🤖 AI Summary
This work addresses the high cost of manual annotation in complex aspect-based sentiment analysis (ABSA) tasks such as aspect sentiment quadruple prediction (ASQP). To mitigate this, the authors propose LA-ABSA, a framework that systematically leverages large language models (LLMs) as annotators, guided by only a few human-provided examples through in-context learning to generate high-quality labeled data for fine-tuning lightweight downstream models. This approach substantially reduces reliance on both extensive human annotation and expensive LLM inference. Evaluated on five benchmark datasets—including SemEval Rest16—the method achieves strong performance, attaining an F1 score of 49.85 on ASQP, which closely approaches the in-context learning performance of Gemma-3-27B (51.10) while significantly lowering computational overhead.
📝 Abstract
Training models for Aspect-Based Sentiment Analysis (ABSA) tasks requires manually annotated data, which is expensive and time-consuming to obtain. This paper introduces LA-ABSA, a novel approach that leverages Large Language Model (LLM)-generated annotations to fine-tune lightweight models for complex ABSA tasks.
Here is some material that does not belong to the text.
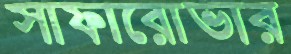
সাফারোভার
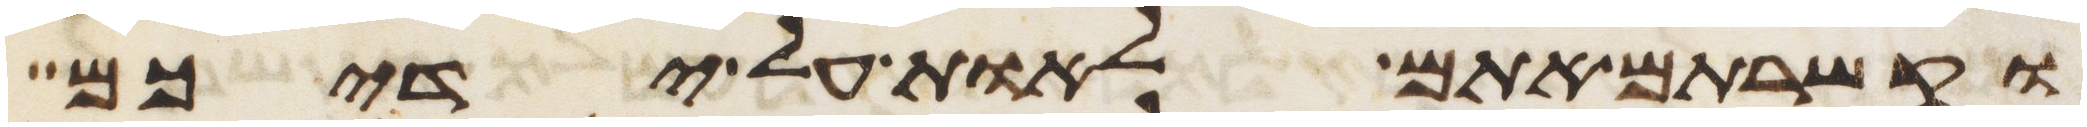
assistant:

We evaluate our approach on five datasets for Target Aspect Sentiment Detection (TASD) and Aspect Sentiment Quad Prediction (ASQP). Our approach outperformed previously reported augmentation strategies and achieved competitive performance with LLM-prompting in low-resource scenarios, while providing substantial energy efficiency benefits. For example, using 50 annotated examples for in-context learning (ICL) to guide the annotation of unlabeled data, LA-ABSA achieved an F1 score of 49.85 for ASQP on the SemEval Rest16 dataset, closely matching the performance of ICL prompting with Gemma-3-27B (51.10), while requiring significantly lower computational resources.